Wednesday, June 4, 2014

The 25th Anniversary of Tiananmen Square. Are we abiding by the Chinese ban on remembering?

Remembering Tiananmen Square: Time to say 'no' to tyranny


That overcast morning seems like yesterday. The deafening noise of tanks rolling into Tiananmen Square still rings in my ears. The Goddess of Democracy,a statue the protesters erected, collapsed, but we students weren't scared. "It's a war!" we gasped excitedly. But soon after, we had a brutal awakening as soldiers bludgeoned us with long iron bars and wooden sticks. I trampled over several bodies. Caught between a tank and the stampeding crowd, and unable to breathe, I climbed onto the tank and crawled over the treads, with machine guns hovering above me.  
For 25 years, I didn't allow myself to remember or feel the pain. But recently, I broke down in front of a therapist. It was my first time I allowed myself to remember the feel of the tank treads. It had been tearing me apart all these years.
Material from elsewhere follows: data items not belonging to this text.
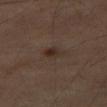No biopsy was performed on this lesion — it was imaged during a full skin examination and was not determined to be concerning. A male patient, aged approximately 65. From the left leg. Cropped from a whole-body photographic skin survey; the tile spans about 15 mm.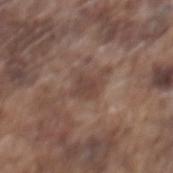This lesion was catalogued during total-body skin photography and was not selected for biopsy.
A male subject, in their mid- to late 70s.
A 15 mm close-up extracted from a 3D total-body photography capture.
On the mid back.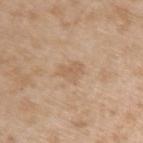Q: How was this image acquired?
A: ~15 mm tile from a whole-body skin photo
Q: What is the anatomic site?
A: the left upper arm
Q: Patient demographics?
A: male, approximately 45 years of age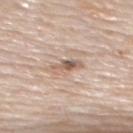- biopsy status — catalogued during a skin exam; not biopsied
- image — total-body-photography crop, ~15 mm field of view
- automated metrics — a footprint of about 5.5 mm², an outline eccentricity of about 0.9 (0 = round, 1 = elongated), and two-axis asymmetry of about 0.25; an average lesion color of about L≈61 a*≈16 b*≈26 (CIELAB) and a normalized lesion–skin contrast near 7; a border-irregularity index near 3/10 and radial color variation of about 4; an automated nevus-likeness rating near 0 out of 100 and a lesion-detection confidence of about 85/100
- subject — female, aged 68 to 72
- lighting — white-light illumination
- diameter — ~4 mm (longest diameter)
- location — the upper back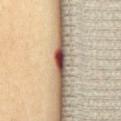The lesion was tiled from a total-body skin photograph and was not biopsied.
This is a cross-polarized tile.
On the chest.
A female subject, aged approximately 55.
The total-body-photography lesion software estimated an area of roughly 3 mm² and an outline eccentricity of about 0.9 (0 = round, 1 = elongated). The software also gave a mean CIELAB color near L≈44 a*≈27 b*≈25, roughly 27 lightness units darker than nearby skin, and a normalized lesion–skin contrast near 18.
Cropped from a total-body skin-imaging series; the visible field is about 15 mm.
The lesion's longest dimension is about 3 mm.

But massacres in China have never truly stopped.
One such massacre started decades before the 1989 Tianamen Square incident: 11 of my relatives died from starvation, execution and suicide after the communists took power in China in 1949. My parents and grandparents were jailed or persecuted. But I only discovered the deaths a year ago, as I interviewed relatives for a book on China. No one wanted to talk about the past. At least 50 million people died in the Great Leap Forward, wrote journalist Yang Jisheng, in his book, 'Tombstone: The Great Chinese Famine 1958-1962'.


Never forget the Leftist/statists like Krugman and T. Friedman admire the Chinese form of government for its efficiency and control.